I take the third class of experiment and observation to encompass all the fact-gathering activity of normal science. It consists of empirical work carried out in order to articulate the paradigm theory, resolving some of its remaining ambiguities and permitting clues to the solution of problems that had previously been merely matters of interest. This third class proves to be the most important of the three, and explaining it requires further subdivision. In the more mathematical sciences, some experiments aimed at articulation proceed toward the determination of physical constants. Newton’s work taught, for example, that the force acting between two unit masses separated by a unit distance is the same for every kind of matter at every place in the universe. But his own problems could be solved without determining the magnitude of this attraction, the universal gravitational constant. And for a century after the appearance of the Principia, no one devised an apparatus capable of determining that constant. Cavendish’s famous measurement in the 1970s was not a definitive solution either. Because of its central position in physical theory, improving the value of the gravitational constant has ever since remained a goal persistently attacked by many outstanding experimenters.4) Other examples of sustained research of this sort would include measurements of the astronomical unit, Avogadro’s number, Joule’s coefficient, the electronic charge, and so on. Some of these refined attempts could not even have been conceived, and nothing could have been carried out, without a paradigm theory that defined the problem and guaranteed the existence of an invariant answer.
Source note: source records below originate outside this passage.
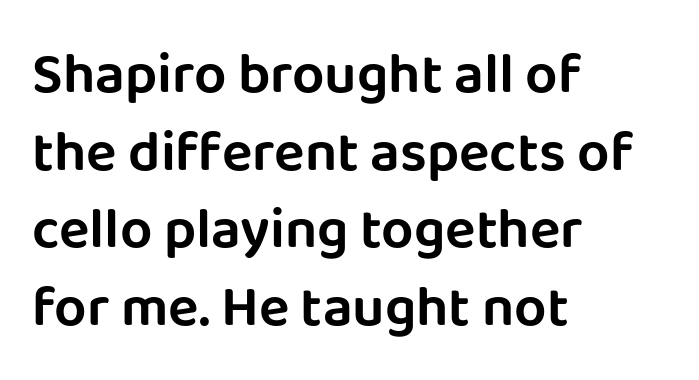
Glyph-to-glyph distance matches everyday printed text. The vertical gap from one line to the next is medium. Glance below the letters and you will spot only blank space. Character widths vary here, with narrow letters taking less room than wide ones. Rendered with straight, roman letterforms.
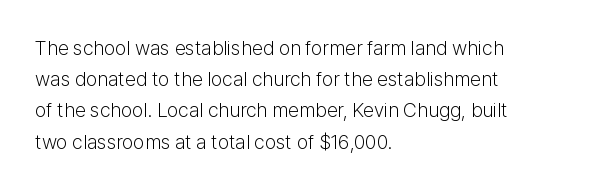
Q: Is the text bold? A: No.
Q: Is the text italic (slanted)? A: No, it is upright.
Q: Is the text underlined? A: No.
Q: How is the paragraph aligned? A: Left-aligned.
Q: Is the spacing between letters normal or unusually wide? A: Normal.
Q: Is the spacing between lines tight, normal or loose? A: Normal.
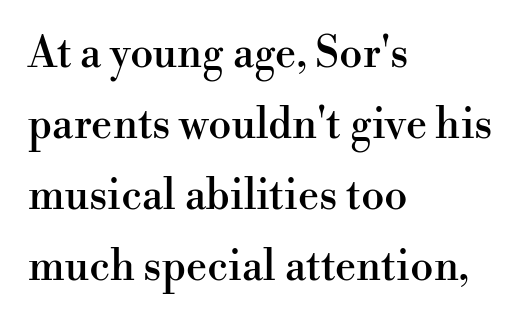
Typographically, this falls in the serif category. Line beginnings align vertically; line endings do not. Between one letter and the next there's only the usual sliver of space. Ordinary non-slanted type is in use. Proportional: the letters do not fall into vertical columns.
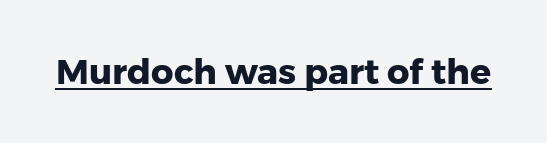
The image shows 35 px heavy sans-serif type, upright; set normal letter spacing, underlined; low stroke contrast and a medium x-height.
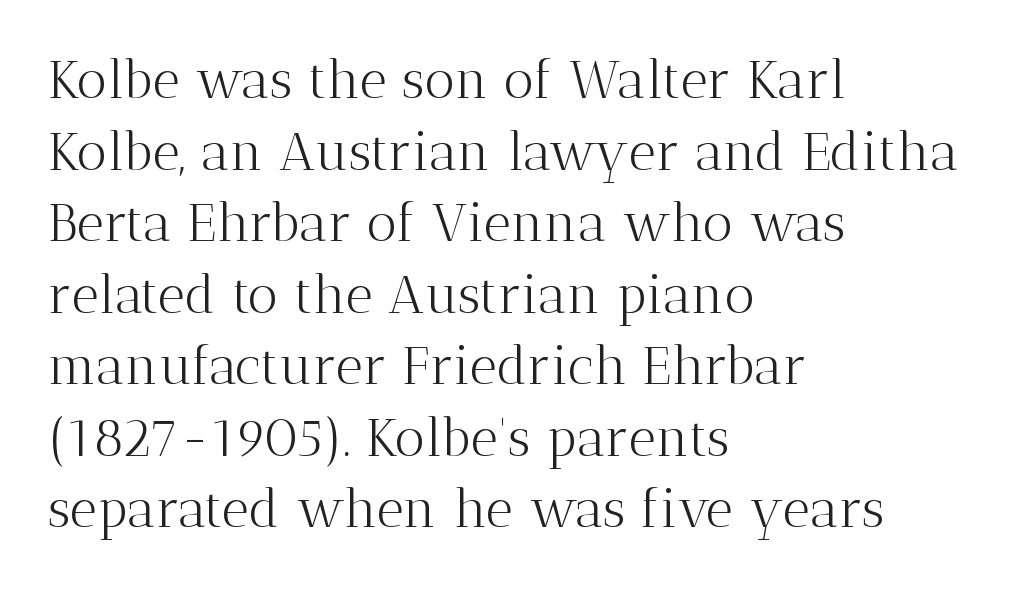
The image shows 53 px light serif type, upright; set left-aligned, normal line spacing (1.35x), normal letter spacing, not underlined; medium stroke contrast and a medium x-height.
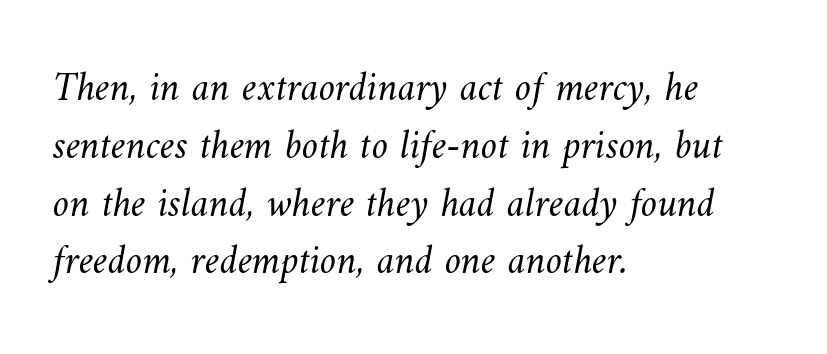
What's the leading like? Ordinary, nothing unusual. Vertical stems look standard width or narrower in stroke. The horizontal fit of the characters is conventional and even. Descender tails drop into unmarked territory. This sample is left-justified, so line endings fall wherever the words run out. The face used here is proportionally spaced, like ordinary book or web type.
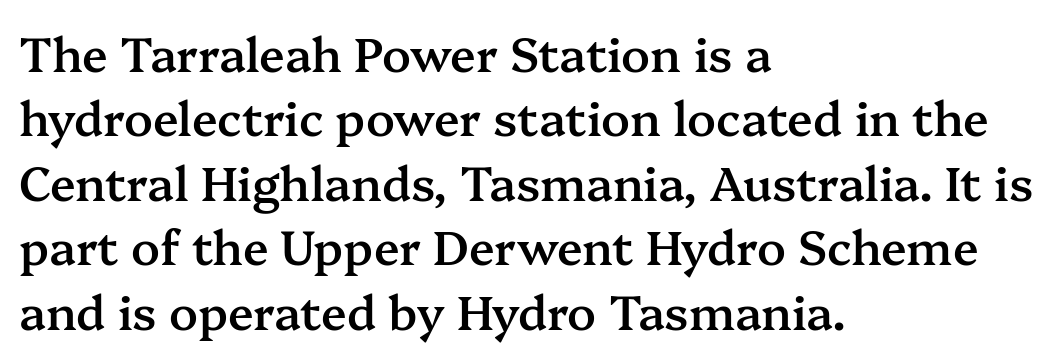
Q: Is the text bold? A: Semi-bold.
Q: Is the text italic (slanted)? A: No, it is upright.
Q: Is the typeface a serif or a sans-serif typeface? A: Serif.
Q: Is the text underlined? A: No.
Q: How is the paragraph aligned? A: Left-aligned.
Q: Is the spacing between letters normal or unusually wide? A: Normal.
Q: Is the spacing between lines tight, normal or loose? A: Normal.
Q: Width (condensed, normal, or wide)? A: Normal.
Q: Stroke contrast? A: Medium.
Q: x-height? A: Medium.
Q: Monospaced? A: No.
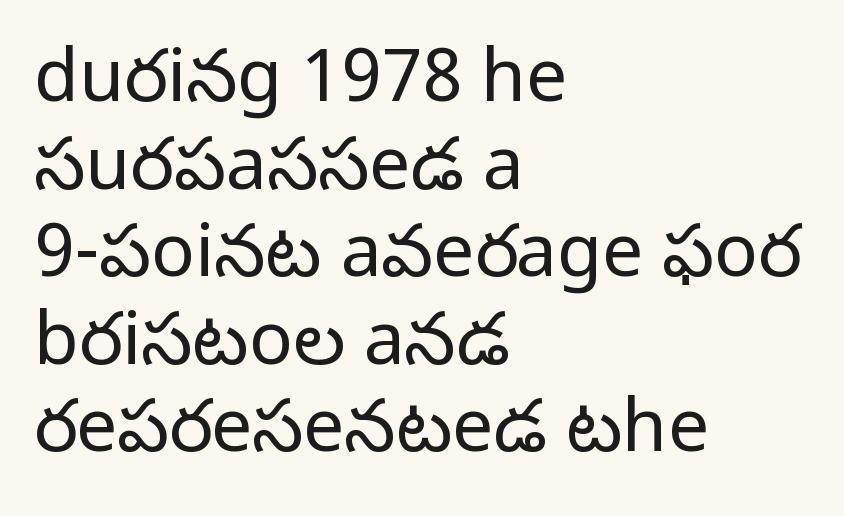
{"serif": "no", "italic": "no", "bold": "no", "weight": "regular", "width": "normal", "stroke_contrast": "low", "x_height": "medium", "monospaced": "no", "underline": "no", "align": "left", "line_spacing_ratio": 1.2, "letter_spacing": "normal", "letter_spacing_em": 0.0, "glyph_px": 73}
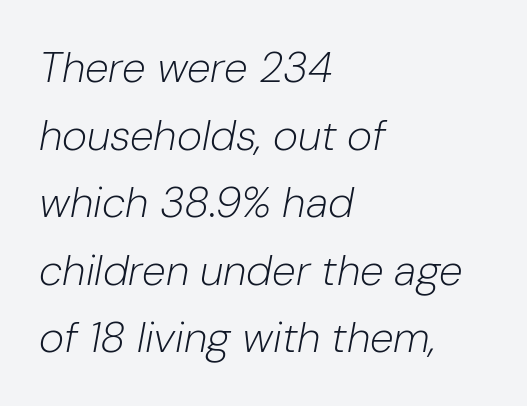
The image shows 43 px light type, italic (leaning right); set left-aligned, normal line spacing (1.57x), normal letter spacing, not underlined; low stroke contrast and a medium x-height.
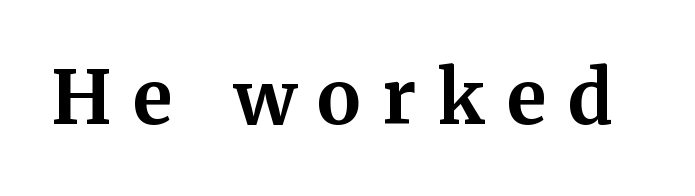
The image shows 74 px bold serif type, upright; set unusually wide letter spacing (+0.29 em), not underlined; medium stroke contrast and a medium x-height.
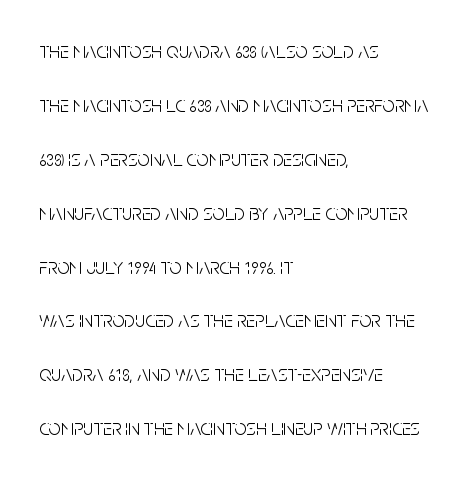
{"italic": "no", "bold": "no", "underline": "no", "align": "left", "line_spacing": "loose", "line_spacing_ratio": 2.45, "letter_spacing": "normal", "letter_spacing_em": 0.0, "glyph_px": 22}
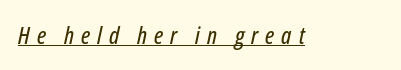
Q: Is the text italic (slanted)? A: Yes, it leans right by about 12 degrees.
Q: Is the text underlined? A: Yes.
Q: Is the spacing between letters normal or unusually wide? A: Unusually wide.
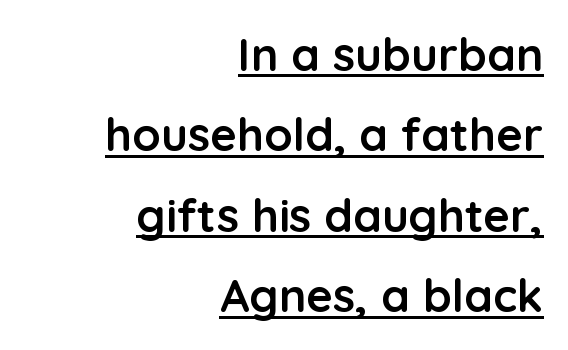
The image shows 46 px semibold sans-serif type, upright; set right-aligned, line spacing 1.75x, normal letter spacing, underlined; low stroke contrast and a medium x-height.
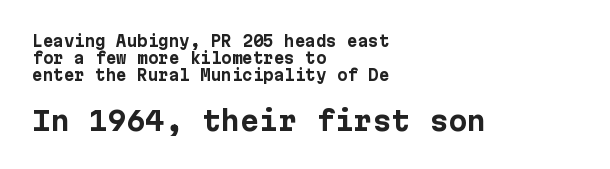
The image shows 27 px bold type, upright; set left-aligned, tight line spacing (1.12x), normal letter spacing, not underlined; the second (bottom) block is 1.8x larger.

But attempts to articulate a paradigm are not confined to determining universal constants. Such efforts are also necessary, for example, in obtaining quantitative laws. Boyle’s law, which expresses the relation between the pressure and volume of a gas; Coulomb’s law for electrical attraction; and Joule’s relation, which connects the heat produced with electrical resistance and current, all belong to this category. It may perhaps not seem obvious that a paradigm is a prerequisite for the discovery of laws such as these. Often such laws are said to have been discovered by examining measurements undertaken for the sake of experiment itself, independent of theory. But history does not support so excessively Baconian a procedure. Boyle’s experiments could not be conceived until air had come to be recognized as an elastic fluid to which all the refined concepts of hydrostatics could be applied; if Boyle’s experiments had been imagined before then, their interpretation would have been mistaken, or else they could not have been explained at all.5) Coulomb’s success was due to his having constructed a special apparatus for measuring the force between point charges. The earlier designs that measured electrical force by using ordinary pan balances and the like ultimately depended on the assumption that the attraction between particles of electric fluid—the only force that could safely be taken as a simple function of distance—was the force by which each particle acted on the others at a distance.6) Joule’s experiments may also explain how quantitative laws emerge through paradigm articulation. Indeed, the relation between qualitative paradigms and quantitative laws is so general and so close that, since Galileo, such laws could often be guessed with the aid of the paradigm years before the apparatus required for experimental measurement had been devised.7)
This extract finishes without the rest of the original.